During the second half of 2020, breast cancer screenings surpassed the 2019 baseline (P < .001), whereas the other services remained slightly lower than their 2019 levels or were not significantly different.
Overall, however, women were 20% to 30% less likely to receive these services in 2020 than they were in 2019. And once clinics reopened, there was no corresponding increase in services indicating that patients were making up for lost time.
Patients who were up to date on their prior cancer screenings and who rescheduled missed screenings within a year or so probably saw very little impact on their health, Becker said.
“But for patients who were already behind on recommended screenings, or who didn’t reschedule their missed screenings in a timely fashion, it could result in later cancer diagnoses and potentially increased morbidity from breast and cervical cancer screenings,” Becker said.
Meanwhile, delays in contraception services could result in increased rates of unintended pregnancies, Becker added.
Declines in the utilization of preventive health services were even greater in zip codes with lower average income levels, more non-white residents, or more nonproficient English speakers, which all already saw disparities in care before the pandemic, the researchers said.
For example, women receiving cervical cancer and STD screenings and pharmacy-provided contraception during the post-pandemic period were more likely to live in zip codes with higher per-capita income.
Also, women receiving breast cancer and STD screenings during the post-pandemic period were more likely to live in zip codes with lower percentages of non-English-proficient speakers and non-white residents.
“Underserved populations, including racial minorities, low-income people and people who don’t speak English well, face enormous structural barriers to easily accessing medical care, including problems with health insurance coverage, affordability of care, and structural racism,” said Becker.
“The results of our study raise the concern that the pandemic may have worsened access for these populations, but our ability to study this in our data was limited, so more work is needed in this area,” she said.
The researchers noted that their data came from a commercial health plan in Michigan, so the study findings may not be generalizable to other states or plans such as Medicaid, Medicare or ACA Marketplace plans.

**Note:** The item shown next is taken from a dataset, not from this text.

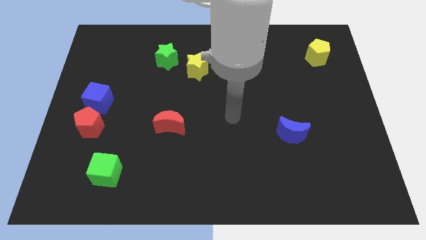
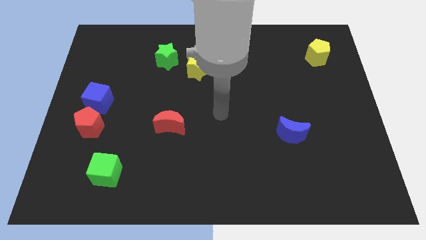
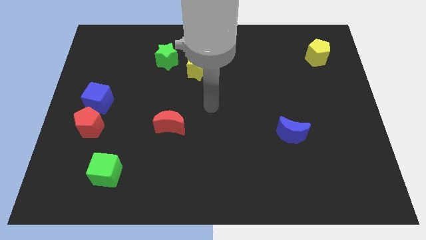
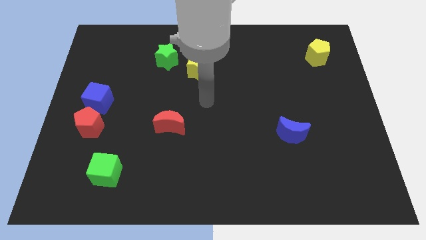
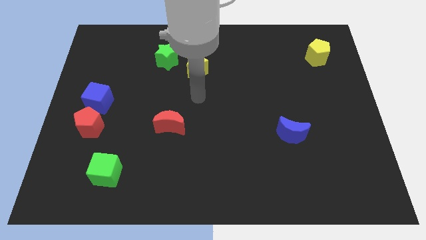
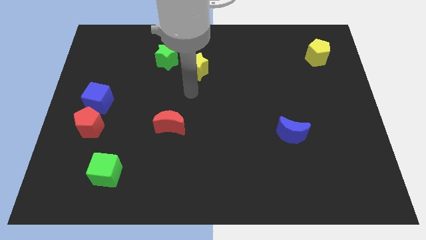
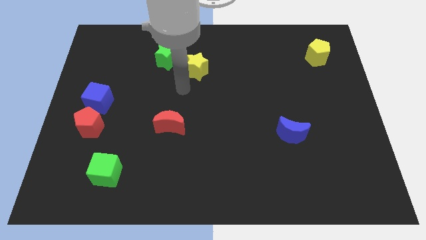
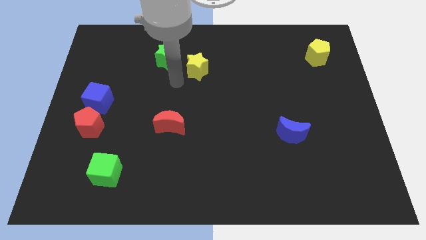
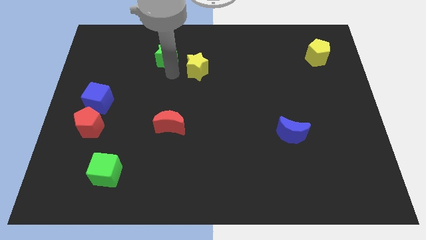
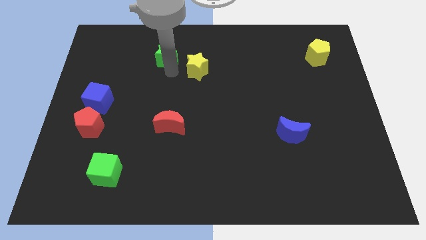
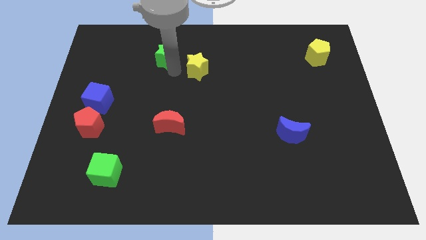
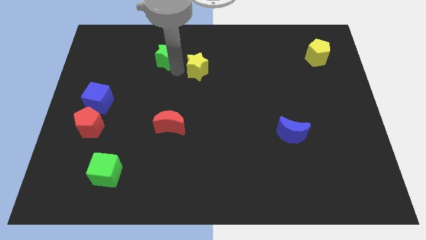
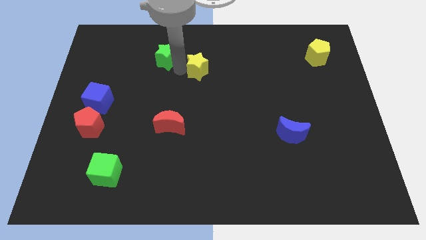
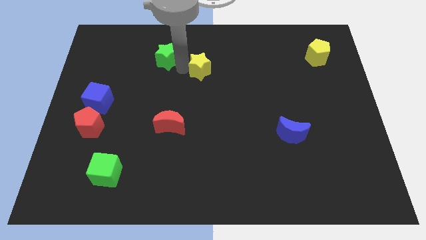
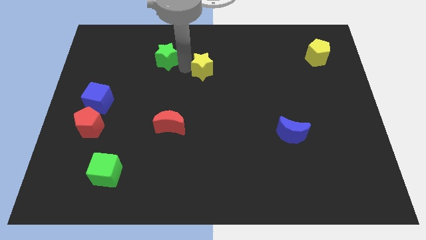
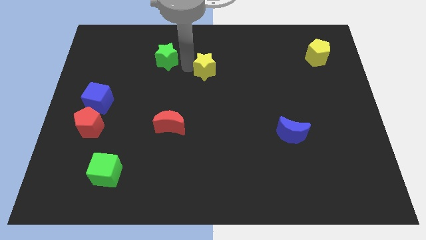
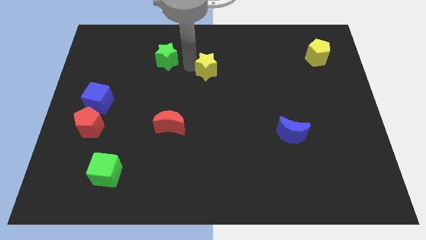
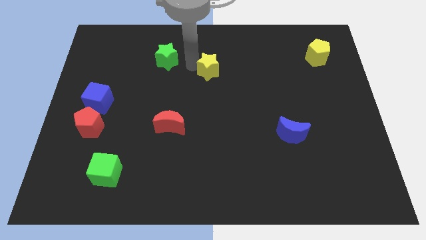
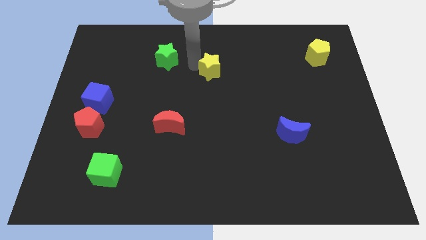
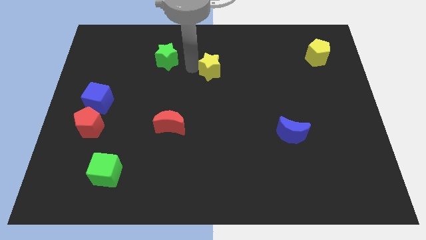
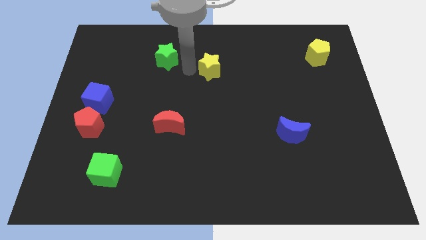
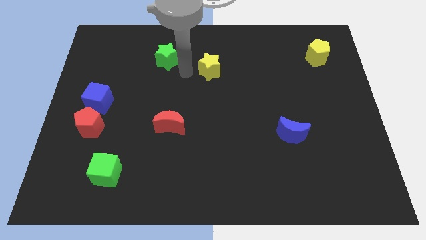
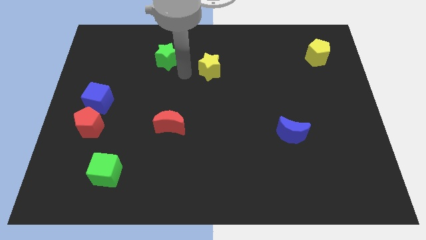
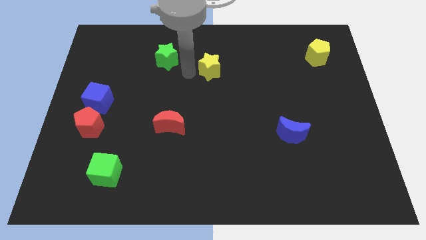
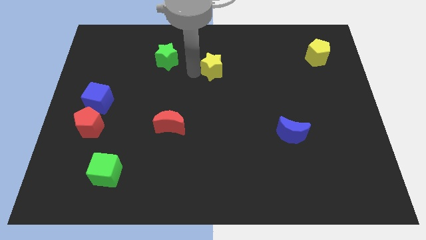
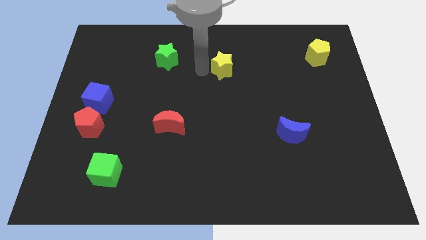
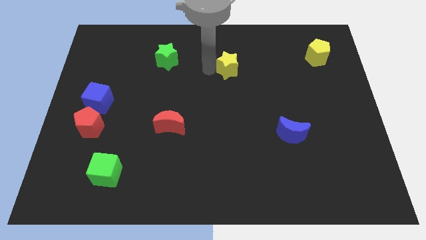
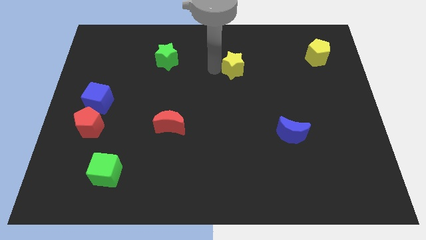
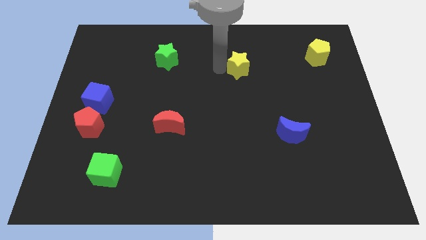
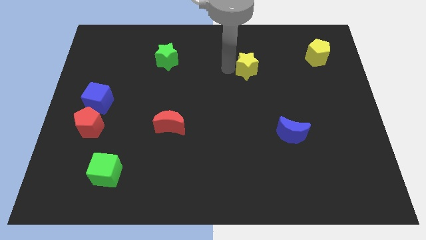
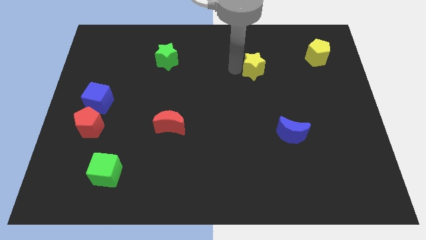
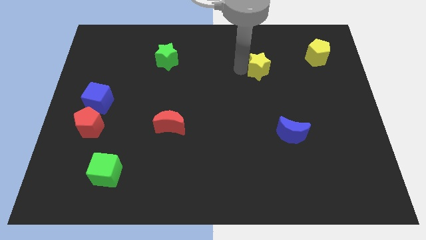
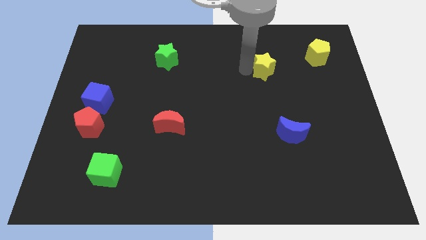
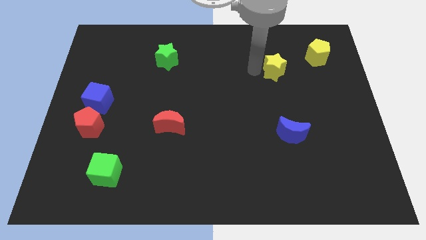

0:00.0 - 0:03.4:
move the yellow star to the right

Also, the study did not account for women who lost their health insurance during the pandemic.
Covariates such as income, race/ethnicity and language spoken also were not available, prompting the use of zip codes as proxies as well. Moreover, the data only describe the use of preventive health services through December 2020, meaning there may be additional variations in reporting.
“The next step is to look to other data sources, like survey data, to identify which patients are most behind on screening and to better understand what barriers exist to them accessing it,” Becker said. “And in the longer term, it will be important to track outcomes like cancer diagnoses and unintended pregnancies to see what happens and if they change as a result of the pandemic.”
Becker advised health care providers and systems to identify patients who are not just a little behind on routine screenings but very behind and who would therefore benefit the most from receiving them.
“But realistically, this will be a hard thing for lots of systems to do, both because there are data limitations that can make it difficult to identify these patients and because some providers and health care systems lack the resources or manpower to devote staff to these efforts,” she said.